Un chuintement de piano lumineux transperce ensuite la brume épaisse et la vie reprend son cours. Le monde valse devant nos yeux lénifiés. C’est l’Histoire avec un grand H qui défile ici. La conquête tranquille de l’Homme sur son berceau innocent. Nos assaillants s’évertuent pourtant à nous démontrer l’implacable simplicité de tout cela à travers des titres toujours plus justes. « All Blues » sonne comme une piqûre de rappel: tout ceci n’est effectivement que du Blues transcendé à l’extrême par la modalité nouvelle d’un jazz en état de grâce.
Le rythme retombe enfin car l’oeuvre est achevée ou presque. Le temps d’un dernier flamenco enivrant, les thèmes modulés du départ refont une brève apparition bercés par une ligne de basse nonchalante et cette trompette de l’enfer, perçante et rouillée.
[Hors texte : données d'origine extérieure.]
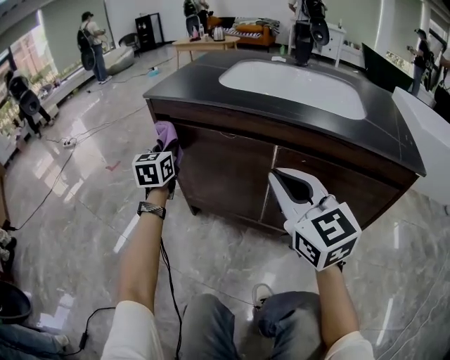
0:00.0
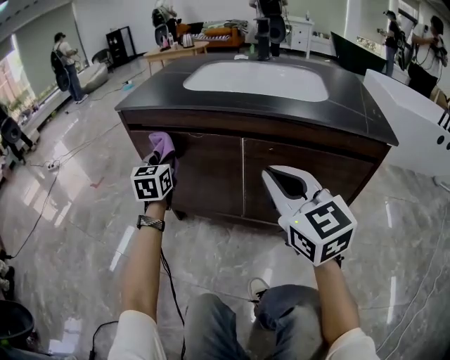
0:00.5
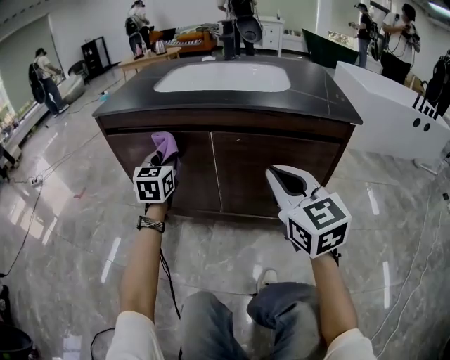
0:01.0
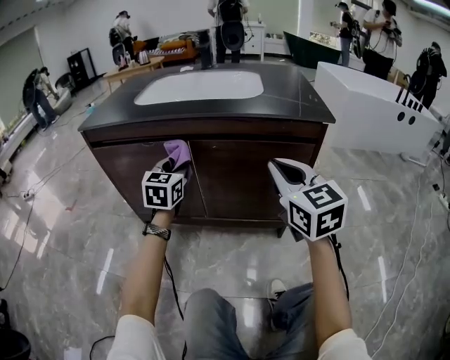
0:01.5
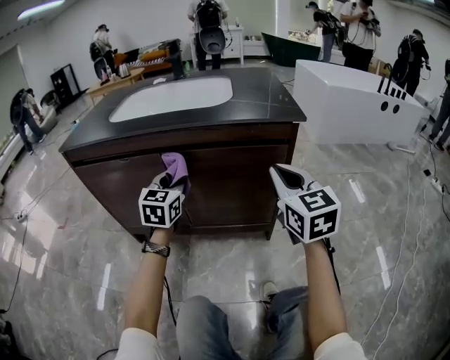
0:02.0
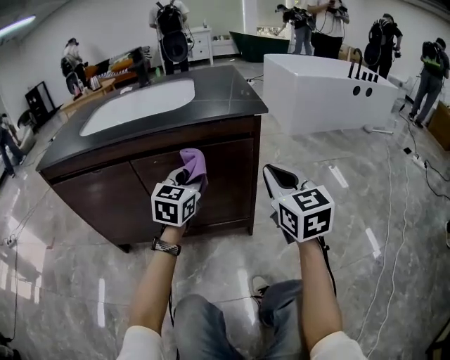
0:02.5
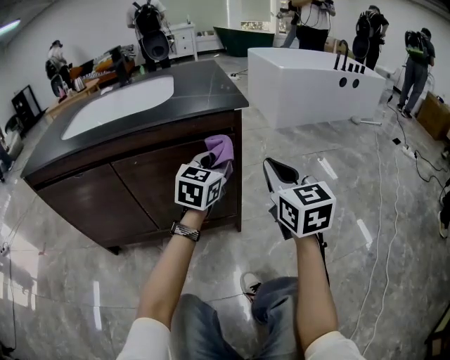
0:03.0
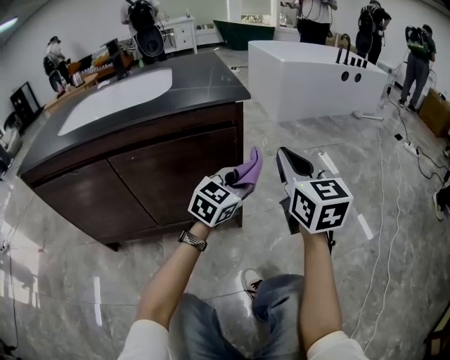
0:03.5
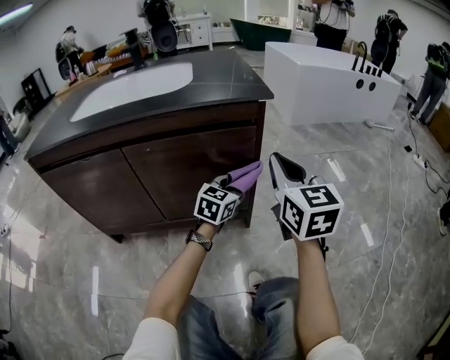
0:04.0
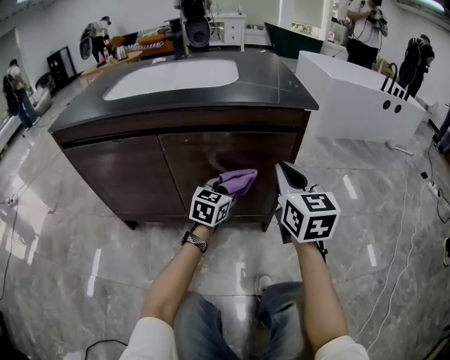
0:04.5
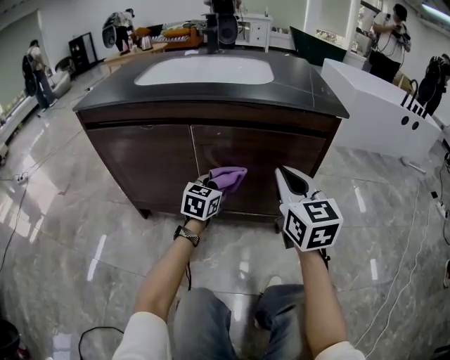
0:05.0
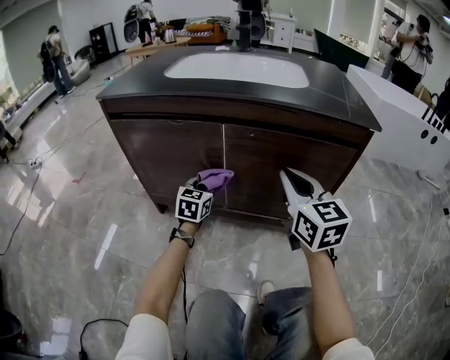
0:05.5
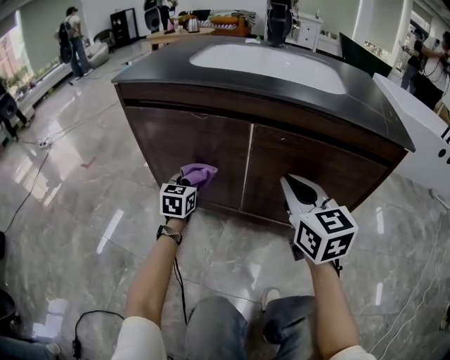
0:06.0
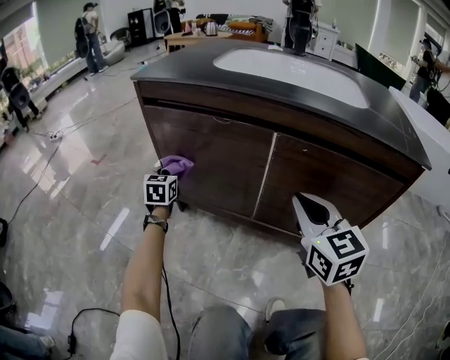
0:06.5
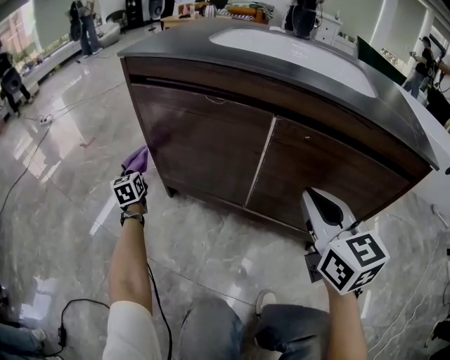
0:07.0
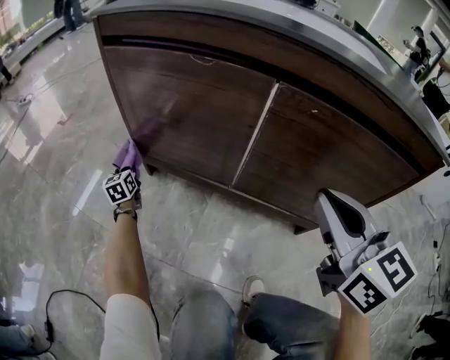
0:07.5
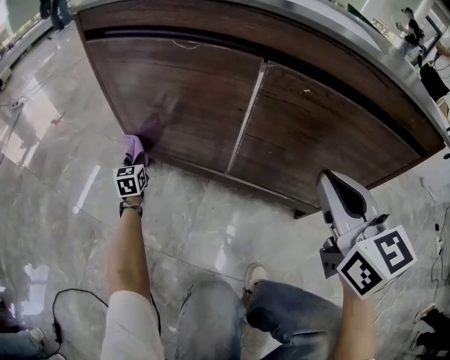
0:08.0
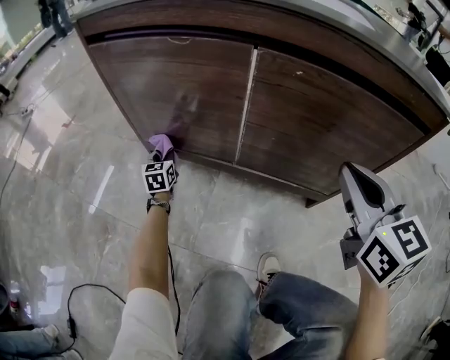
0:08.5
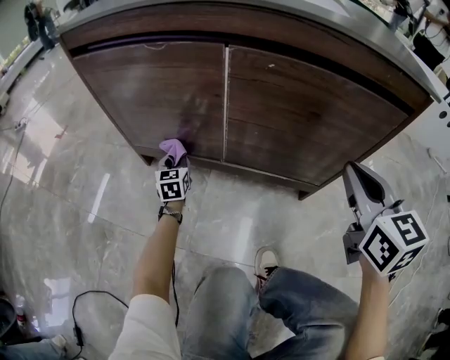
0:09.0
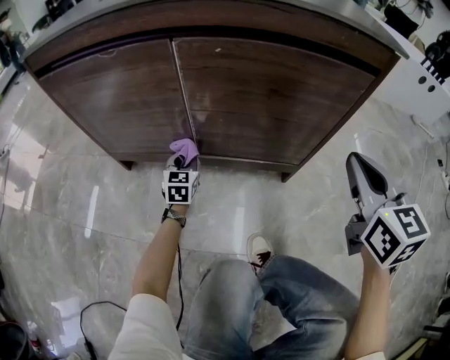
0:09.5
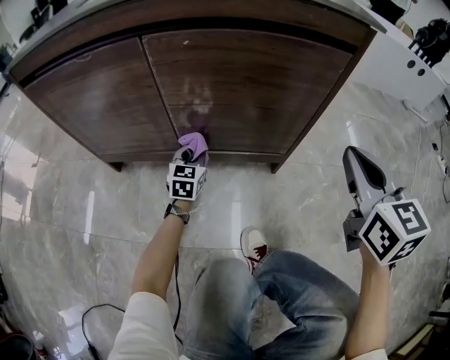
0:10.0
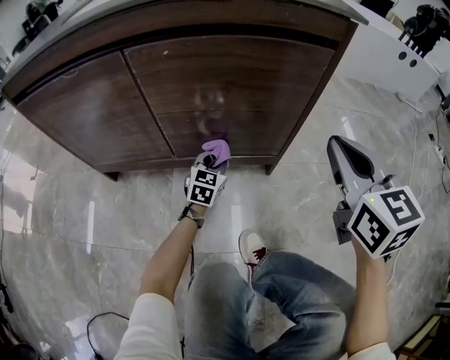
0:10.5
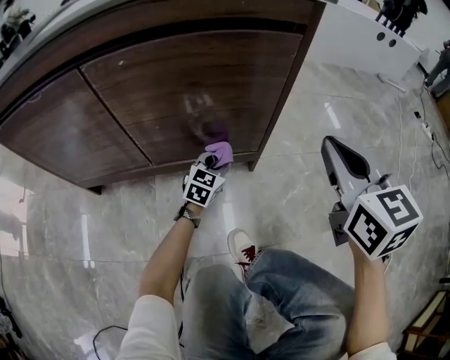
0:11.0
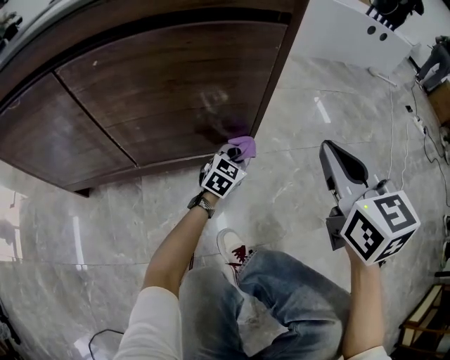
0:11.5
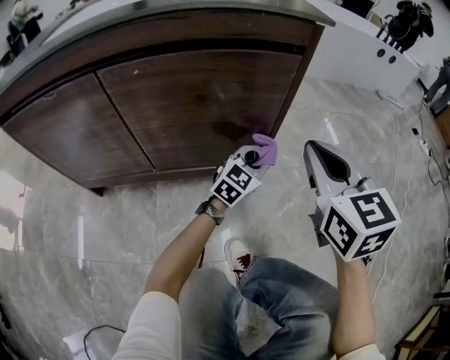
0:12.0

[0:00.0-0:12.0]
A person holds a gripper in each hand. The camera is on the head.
0:00.0 to 0:02.0: The left gripper ends up some 40 cm from where it was, and turns by some 30 degrees. Meanwhile the right gripper changes place by some 30 cm, and changes its angle by roughly 30 degrees.
0:02.0 to 0:04.0: The left gripper ends up about 30 cm from where it was, and turns by some 30 degrees.
0:04.0 to 0:06.0: The left gripper moves roughly 50 cm, and changes its angle by approximately 50 degrees. Meanwhile the right gripper ends up roughly 30 cm from where it was, and changes its angle by some 30 degrees.
0:06.0 to 0:08.0: The left gripper goes roughly 25 cm downward and to the left; the right gripper changes place by roughly 5 cm.
0:08.0 to 0:10.0: The left gripper changes place by about 40 cm, and rotates roughly 40 degrees. Meanwhile the right gripper moves about 25 cm, and turns by roughly 20 degrees.
0:10.0 to 0:12.0: The left gripper goes some 30 cm to the right, and swivels roughly 40 degrees.

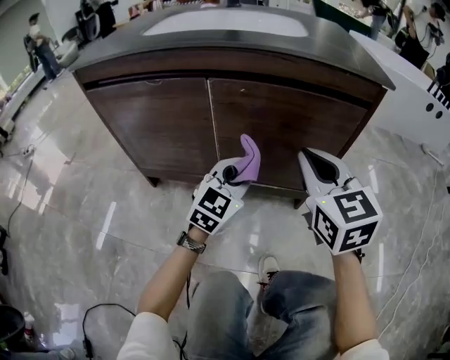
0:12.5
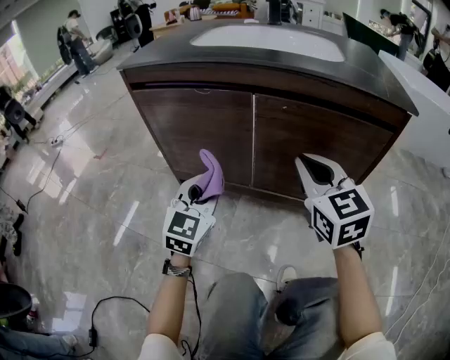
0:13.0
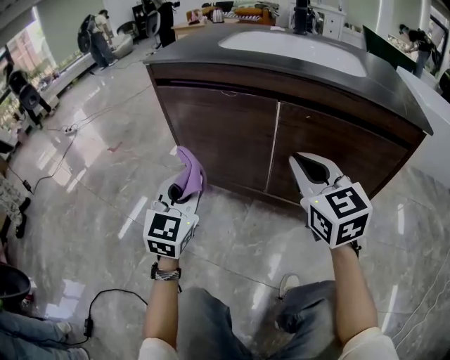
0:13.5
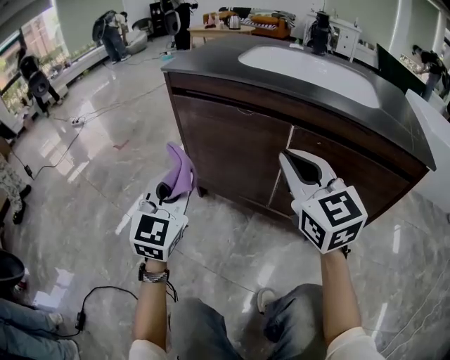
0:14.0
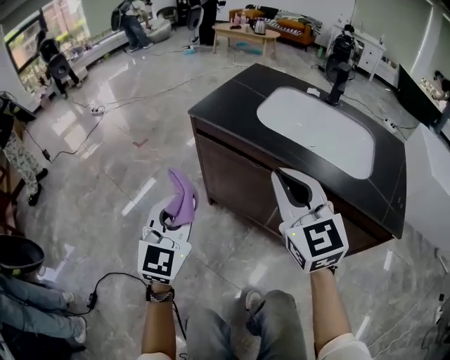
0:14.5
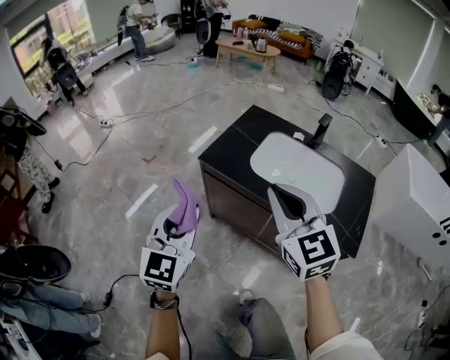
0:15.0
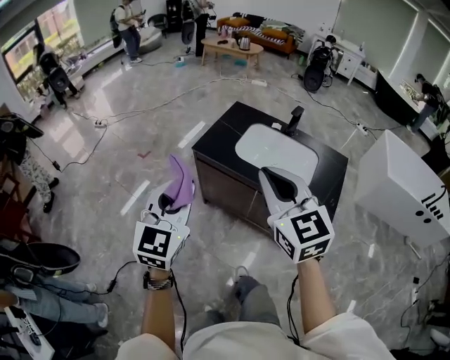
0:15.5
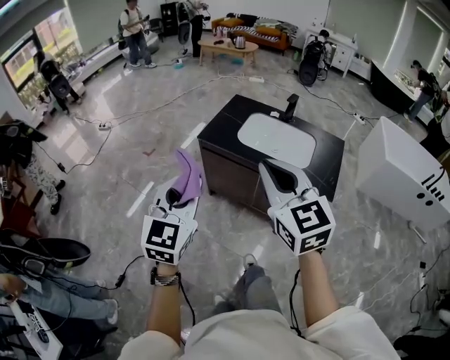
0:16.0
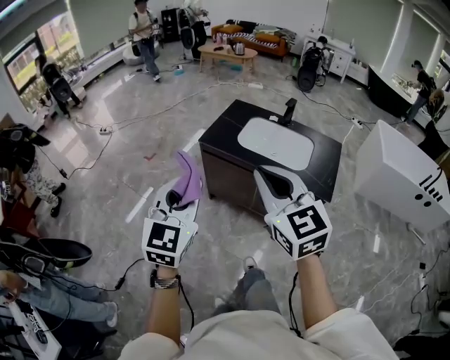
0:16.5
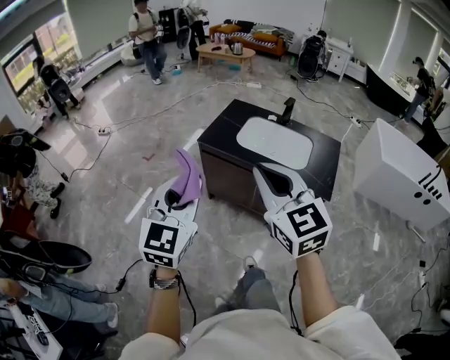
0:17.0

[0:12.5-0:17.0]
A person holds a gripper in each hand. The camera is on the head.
0:12.5 to 0:14.5: The left gripper moves roughly 50 cm, and turns by some 50 degrees; the right gripper moves upward, approximately 25 cm, and turns by approximately 30 degrees.
0:14.5 to 0:17.0: The grippers both shift upward and backward by roughly 50 cm.

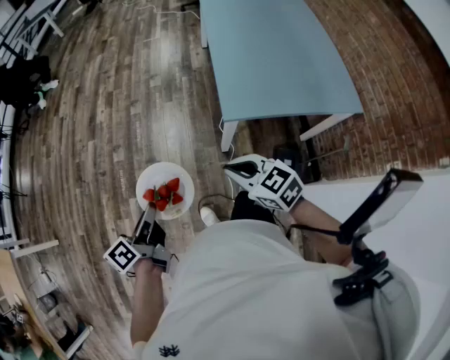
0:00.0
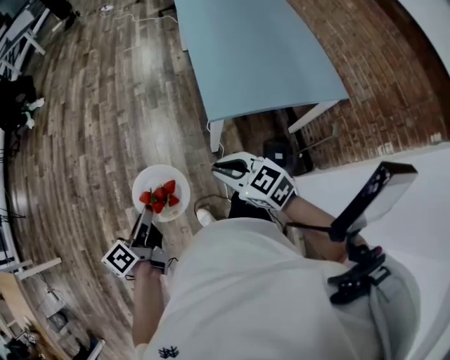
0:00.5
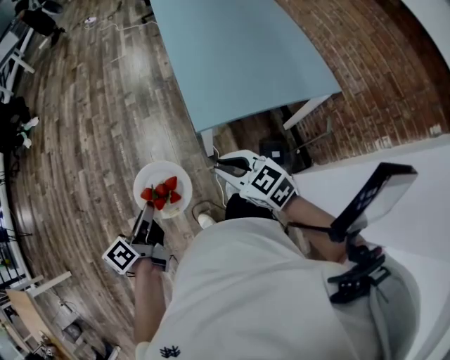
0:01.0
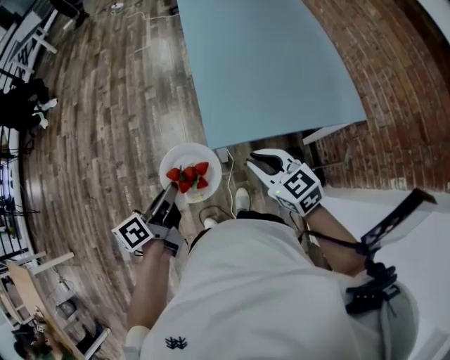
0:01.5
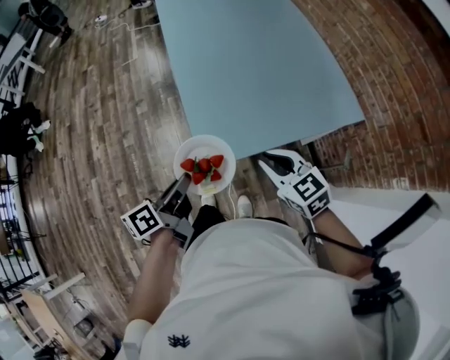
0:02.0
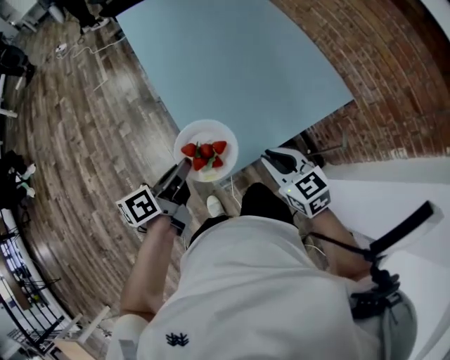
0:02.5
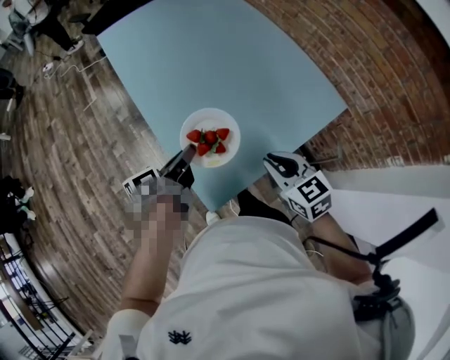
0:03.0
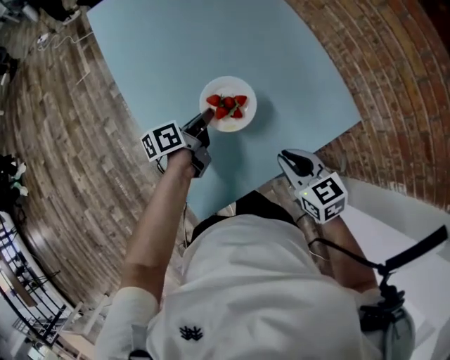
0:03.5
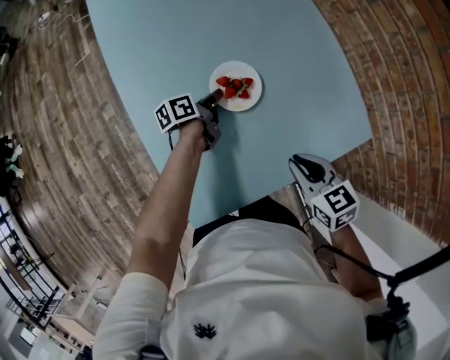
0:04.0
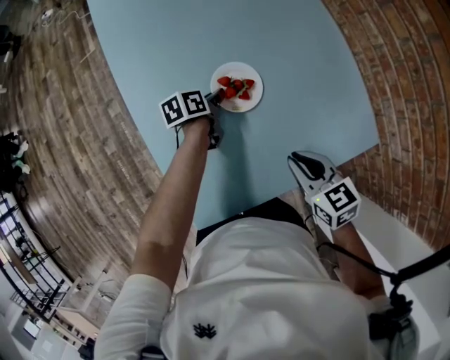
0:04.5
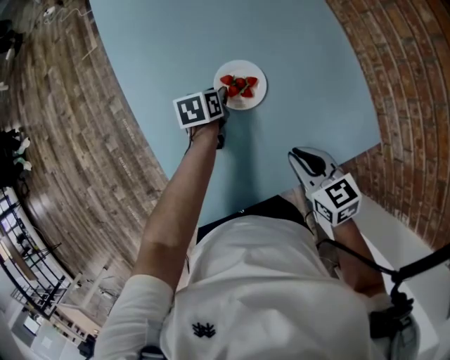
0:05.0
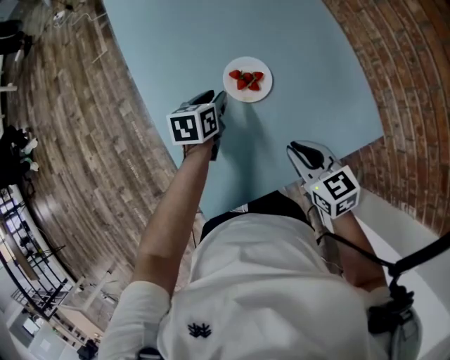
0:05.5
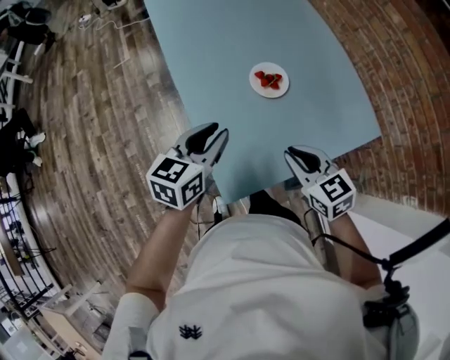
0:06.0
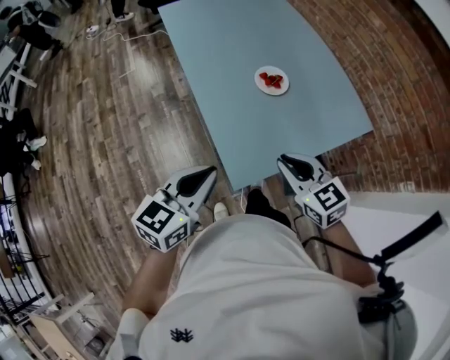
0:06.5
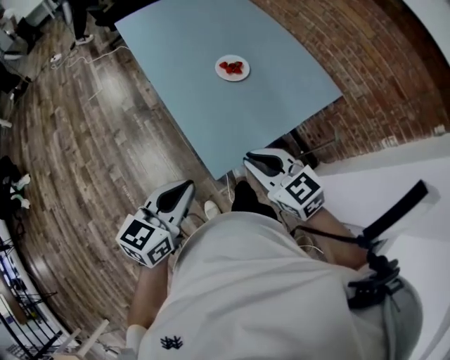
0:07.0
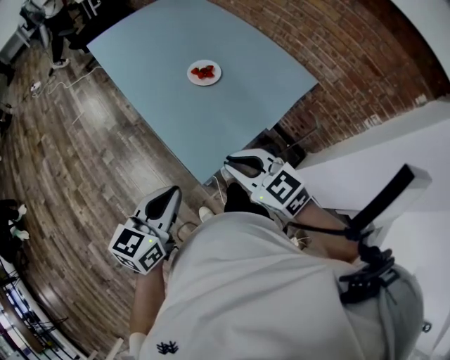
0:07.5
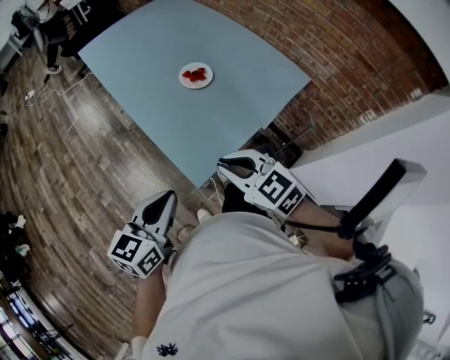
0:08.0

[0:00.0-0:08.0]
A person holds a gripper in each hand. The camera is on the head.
0:00.0 to 0:02.0: Both grippers move to the right and forward, approximately 30 cm. The left gripper turns by about 20 degrees; the right gripper changes its angle by roughly 20 degrees.
0:02.0 to 0:04.0: The left gripper travels forward and downward by roughly 50 cm, and rotates roughly 20 degrees; the right gripper goes approximately 25 cm forward and to the right, and changes its angle by about 20 degrees.
0:04.0 to 0:06.0: The right gripper moves to the left, backward and upward, approximately 15 cm. Meanwhile the left gripper is displaced upward, backward and to the left by approximately 35 cm, rolls clockwise, seen from behind, by about 50 degrees, and opens its fingers.
0:06.0 to 0:08.0: The right gripper goes approximately 20 cm backward and to the left. Meanwhile the left gripper heads backward, covering approximately 25 cm, and closes its fingers.

Le souffle est pur et ne cessera de nous interroger, de nous prouver l’étendu d’une grandeur Humaine oubliée. Les saxophones pleurent une gloire passée et une utopie future dans un monde ou l’ironie du sort est triomphante. Nulle demie mesure n’est possible devant cette étendue de musique. Les notes de piano s’égrènent lentement tandis que les musiciens prennent le chemin de la sortie.
La musique s’en va comme elle est venue et nous laisse pétrifiés dans une attente désormais éternelle. Le moment passé était d’une grandeur trop forte. Mais au contraire d’une beauté divine, surréaliste qu’on peut trouver dans du Beethove ou chez Mozart, tout ici est humain et transcende le réel sans jamais le rendre fade ou obsolète. Les musiciens eux même se rendaient compte que quelque chose était en train de se produire ici sans qu’ils pussent contrôler quoi que ce soit. Si Dieu n’a rien à voir là dedans, il est possible qu’un hasard panthéiste ait bien fait les choses pour une fois.